[Data Boundary: Start]
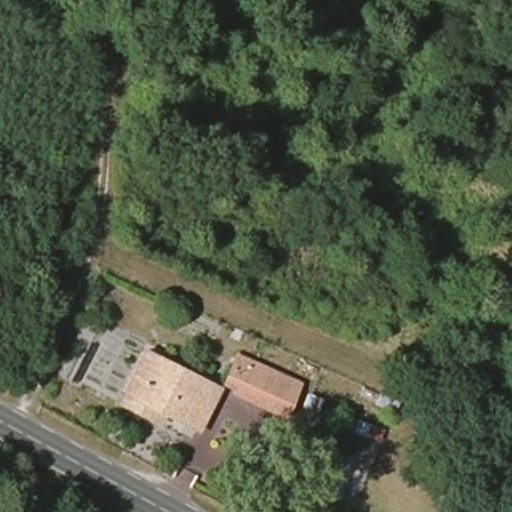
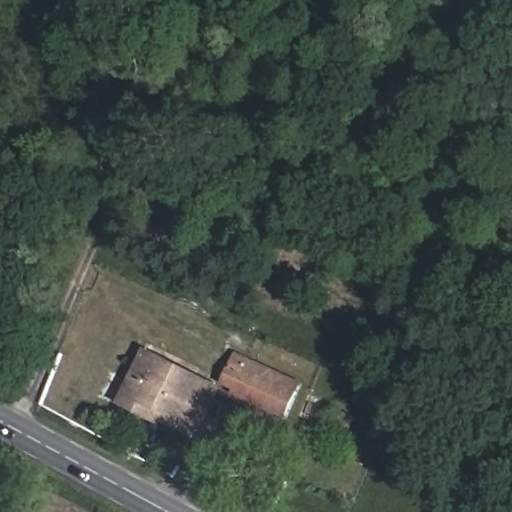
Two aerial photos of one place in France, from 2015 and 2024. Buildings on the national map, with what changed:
unchanged [(159,370),(163,361),(221,392),(201,435),(125,397),(142,361),(159,370)]
unchanged [(287,420),(235,396),(238,393),(226,387),(235,367),(250,371),(254,362),(303,387),(300,395),(287,420)]

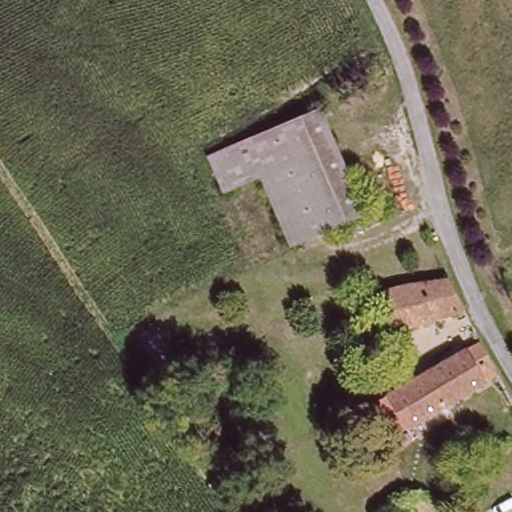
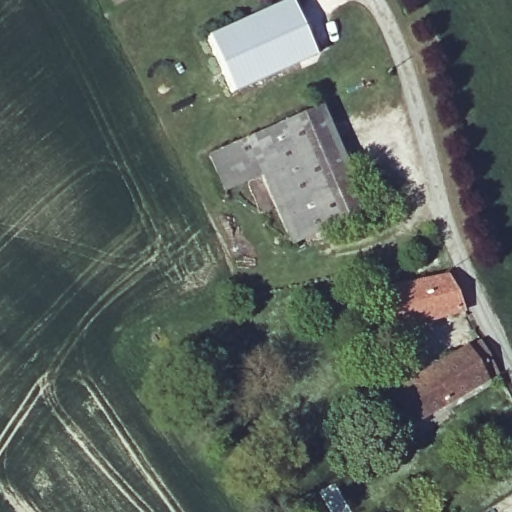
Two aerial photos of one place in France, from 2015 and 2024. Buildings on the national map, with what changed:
new [(287,1),(313,57),(232,95),(207,37),(287,1)]
unchanged [(291,243),(259,176),(222,194),(206,156),(315,110),(361,211),(291,243)]
unchanged [(463,309),(392,333),(379,293),(425,280),(430,278),(446,278),(462,308),(463,309)]
unchanged [(402,418),(383,427),(368,394),(480,340),(498,376),(441,400),(402,418)]

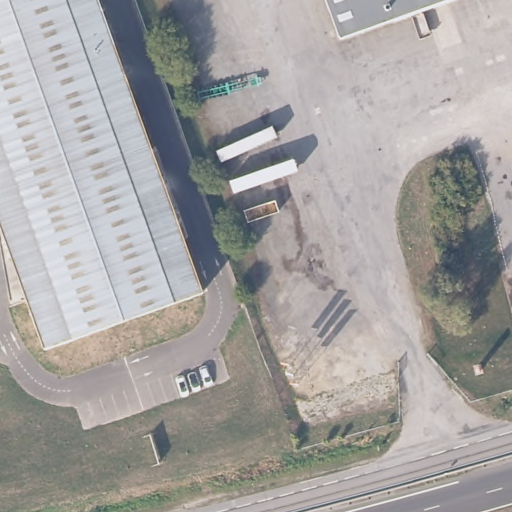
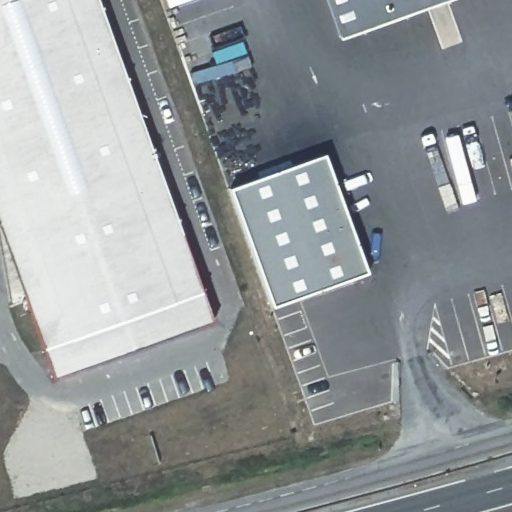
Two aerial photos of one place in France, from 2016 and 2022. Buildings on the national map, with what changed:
unchanged [(199,288),(39,344),(0,228),(0,0),(100,0),(199,288)]
unchanged [(332,46),(316,0),(453,0),(332,46)]
new [(325,150),(370,273),(272,308),(229,189),(325,150)]

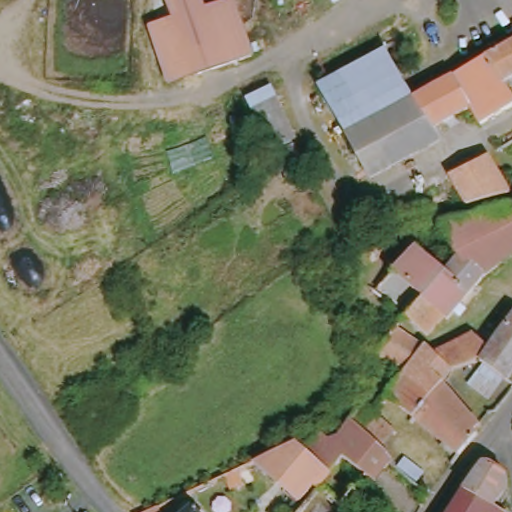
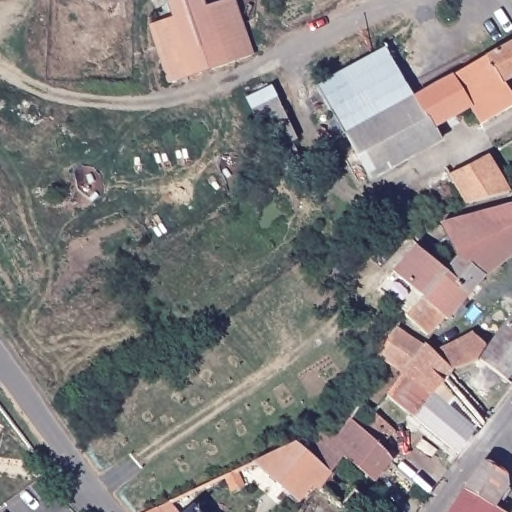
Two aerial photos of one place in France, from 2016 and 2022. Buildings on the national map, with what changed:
unchanged [(213,5),(226,0),(244,0),(252,21),(265,49),(185,84),(160,28),(184,18),(176,0),(211,0),(213,5)]
unchanged [(409,101),(360,127),(331,78),(394,42),(424,92),(409,101)]
unchanged [(502,80),(512,101),(512,103),(481,119),(478,116),(469,119),(462,108),(435,122),(442,138),(429,146),(424,129),(409,101),(424,92),(512,43),(512,75),(502,80)]
unchanged [(314,170),(291,183),(249,98),(276,86),(314,170)]
unchanged [(424,129),(429,146),(357,184),(334,141),(360,127),(409,101),(424,129)]
unchanged [(467,205),(458,174),(497,162),(506,194),(467,205)]
unchanged [(417,248),(443,269),(456,256),(440,225),(509,205),(512,209),(512,253),(477,281),(457,306),(447,319),(445,317),(426,337),(405,317),(409,313),(377,287),(392,272),(417,248)]
unchanged [(506,388),(482,361),(494,341),(512,322),(512,379),(506,388)]
unchanged [(434,356),(453,373),(447,391),(480,425),(477,438),(463,455),(389,396),(405,373),(380,358),(391,334),(395,330),(420,353),(424,348),(434,356)]
unchanged [(475,332),(487,344),(475,363),(453,373),(434,356),(475,332)]
unchanged [(390,468),(382,481),(342,455),(332,473),(304,452),(317,435),(329,444),(347,422),(360,404),(375,414),(390,428),(374,446),(393,464),(390,468)]
unchanged [(295,445),(304,452),(332,473),(320,493),(314,488),(299,503),(252,463),(295,445)]
unchanged [(462,484),(477,463),(492,460),(505,470),(509,484),(495,505),(462,484)]
unchanged [(227,473),(234,489),(220,495),(213,479),(227,473)]
unchanged [(495,505),(505,512),(446,512),(462,484),(495,505)]
unchanged [(168,512),(143,512),(162,504),(168,512)]
unchanged [(194,512),(202,506),(206,512),(194,512)]

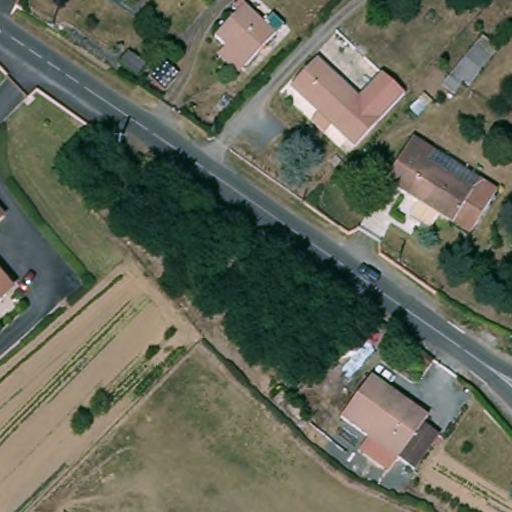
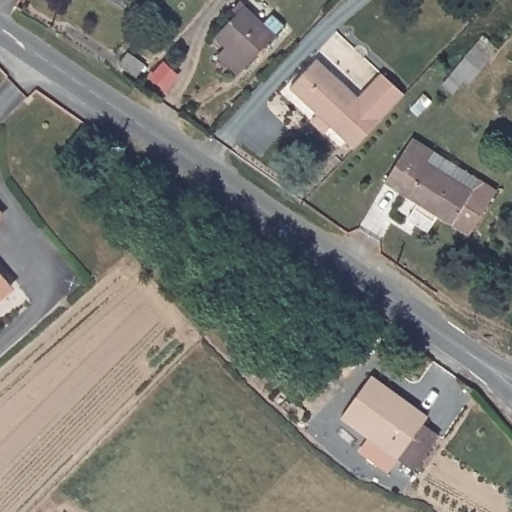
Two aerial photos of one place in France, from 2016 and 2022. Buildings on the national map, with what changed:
unchanged [(269,28),(278,20),(286,29),(247,65),(217,32),(246,4),(269,28)]
unchanged [(489,28),(506,44),(465,90),(452,80),(489,28)]
unchanged [(137,71),(123,61),(130,52),(143,61),(137,71)]
unchanged [(315,118),(322,112),(296,83),(324,58),(363,100),(388,77),(405,95),(378,123),(355,149),(332,123),(325,129),(315,118)]
unchanged [(472,233),(444,214),(432,230),(413,217),(423,202),(390,179),(417,140),(436,152),(477,181),(498,195),(472,233)]
unchanged [(7,213),(0,220),(0,205),(7,213)]
unchanged [(10,290),(0,299),(0,266),(7,275),(16,285),(10,290)]
unchanged [(362,449),(372,435),(345,415),(374,374),(431,415),(427,421),(442,433),(417,467),(402,456),(392,470),(362,449)]

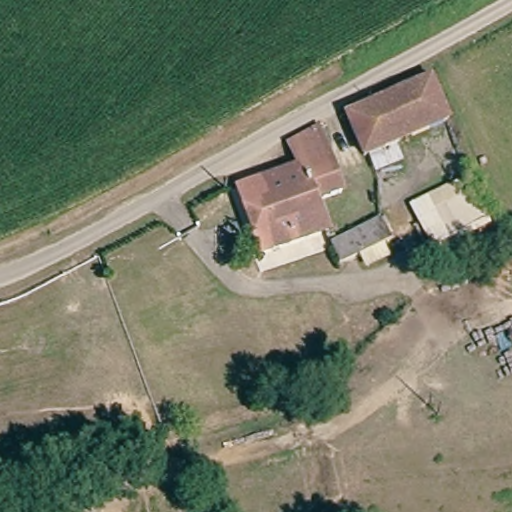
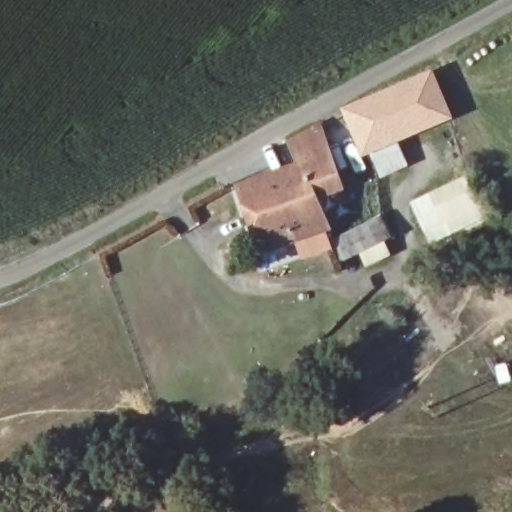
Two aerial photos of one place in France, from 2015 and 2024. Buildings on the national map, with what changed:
unchanged [(369,155),(364,156),(346,112),(434,73),(454,117),(399,142),(407,160),(377,175),(369,155)]
unchanged [(320,127),(345,188),(317,200),(327,227),(314,232),(307,216),(294,221),(285,196),(291,194),(283,172),(299,166),(291,142),(320,127)]
unchanged [(285,196),(294,221),(307,216),(314,232),(272,247),(279,267),(274,269),(269,271),(237,189),(283,172),(291,194),(285,196)]
unchanged [(466,174),(495,226),(441,258),(409,202),(466,174)]
unchanged [(392,235),(340,255),(334,237),(385,218),(392,235)]

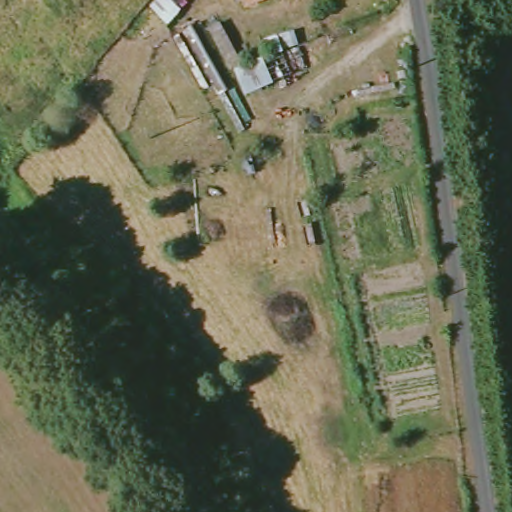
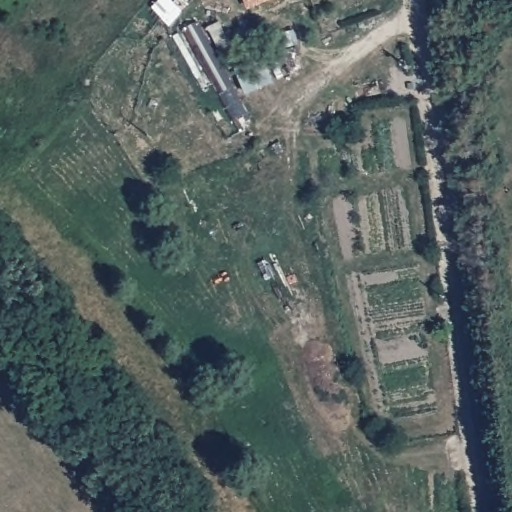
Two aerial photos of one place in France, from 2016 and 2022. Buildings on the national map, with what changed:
[Data Boundary: End]
**Activity**
With the pictures omitted, repeat the full set of records above exactly.

**Answer to this problem**
Two aerial photos of one place in France, from 2015 and 2024. Buildings on the national map, with what changed:
unchanged [(159,370),(163,361),(221,392),(201,435),(125,397),(142,361),(159,370)]
unchanged [(287,420),(235,396),(238,393),(226,387),(235,367),(250,371),(254,362),(303,387),(300,395),(287,420)]

Two aerial photos of one place in France, from 2015 and 2024. Buildings on the national map, with what changed:
new [(287,1),(313,57),(232,95),(207,37),(287,1)]
unchanged [(291,243),(259,176),(222,194),(206,156),(315,110),(361,211),(291,243)]
unchanged [(463,309),(392,333),(379,293),(425,280),(430,278),(446,278),(462,308),(463,309)]
unchanged [(402,418),(383,427),(368,394),(480,340),(498,376),(441,400),(402,418)]

Two aerial photos of one place in France, from 2016 and 2022. Buildings on the national map, with what changed:
unchanged [(199,288),(39,344),(0,228),(0,0),(100,0),(199,288)]
unchanged [(332,46),(316,0),(453,0),(332,46)]
new [(325,150),(370,273),(272,308),(229,189),(325,150)]

Two aerial photos of one place in France, from 2016 and 2022. Buildings on the national map, with what changed:
unchanged [(213,5),(226,0),(244,0),(252,21),(265,49),(185,84),(160,28),(184,18),(176,0),(211,0),(213,5)]
unchanged [(409,101),(360,127),(331,78),(394,42),(424,92),(409,101)]
unchanged [(502,80),(512,101),(512,103),(481,119),(478,116),(469,119),(462,108),(435,122),(442,138),(429,146),(424,129),(409,101),(424,92),(512,43),(512,75),(502,80)]
unchanged [(314,170),(291,183),(249,98),(276,86),(314,170)]
unchanged [(424,129),(429,146),(357,184),(334,141),(360,127),(409,101),(424,129)]
unchanged [(467,205),(458,174),(497,162),(506,194),(467,205)]
unchanged [(417,248),(443,269),(456,256),(440,225),(509,205),(512,209),(512,253),(477,281),(457,306),(447,319),(445,317),(426,337),(405,317),(409,313),(377,287),(392,272),(417,248)]
unchanged [(506,388),(482,361),(494,341),(512,322),(512,379),(506,388)]
unchanged [(434,356),(453,373),(447,391),(480,425),(477,438),(463,455),(389,396),(405,373),(380,358),(391,334),(395,330),(420,353),(424,348),(434,356)]
unchanged [(475,332),(487,344),(475,363),(453,373),(434,356),(475,332)]
unchanged [(390,468),(382,481),(342,455),(332,473),(304,452),(317,435),(329,444),(347,422),(360,404),(375,414),(390,428),(374,446),(393,464),(390,468)]
unchanged [(295,445),(304,452),(332,473),(320,493),(314,488),(299,503),(252,463),(295,445)]
unchanged [(462,484),(477,463),(492,460),(505,470),(509,484),(495,505),(462,484)]
unchanged [(227,473),(234,489),(220,495),(213,479),(227,473)]
unchanged [(495,505),(505,512),(446,512),(462,484),(495,505)]
unchanged [(168,512),(143,512),(162,504),(168,512)]
unchanged [(194,512),(202,506),(206,512),(194,512)]

Two aerial photos of one place in France, from 2016 and 2022. Buildings on the national map, with what changed:
unchanged [(269,28),(278,20),(286,29),(247,65),(217,32),(246,4),(269,28)]
unchanged [(489,28),(506,44),(465,90),(452,80),(489,28)]
unchanged [(137,71),(123,61),(130,52),(143,61),(137,71)]
unchanged [(315,118),(322,112),(296,83),(324,58),(363,100),(388,77),(405,95),(378,123),(355,149),(332,123),(325,129),(315,118)]
unchanged [(472,233),(444,214),(432,230),(413,217),(423,202),(390,179),(417,140),(436,152),(477,181),(498,195),(472,233)]
unchanged [(7,213),(0,220),(0,205),(7,213)]
unchanged [(10,290),(0,299),(0,266),(7,275),(16,285),(10,290)]
unchanged [(362,449),(372,435),(345,415),(374,374),(431,415),(427,421),(442,433),(417,467),(402,456),(392,470),(362,449)]

Two aerial photos of one place in France, from 2015 and 2024. Buildings on the national map, with what changed:
unchanged [(369,155),(364,156),(346,112),(434,73),(454,117),(399,142),(407,160),(377,175),(369,155)]
unchanged [(320,127),(345,188),(317,200),(327,227),(314,232),(307,216),(294,221),(285,196),(291,194),(283,172),(299,166),(291,142),(320,127)]
unchanged [(285,196),(294,221),(307,216),(314,232),(272,247),(279,267),(274,269),(269,271),(237,189),(283,172),(291,194),(285,196)]
unchanged [(466,174),(495,226),(441,258),(409,202),(466,174)]
unchanged [(392,235),(340,255),(334,237),(385,218),(392,235)]

Two aerial photos of one place in France, from 2016 and 2022. Buildings on the national map, with what changed:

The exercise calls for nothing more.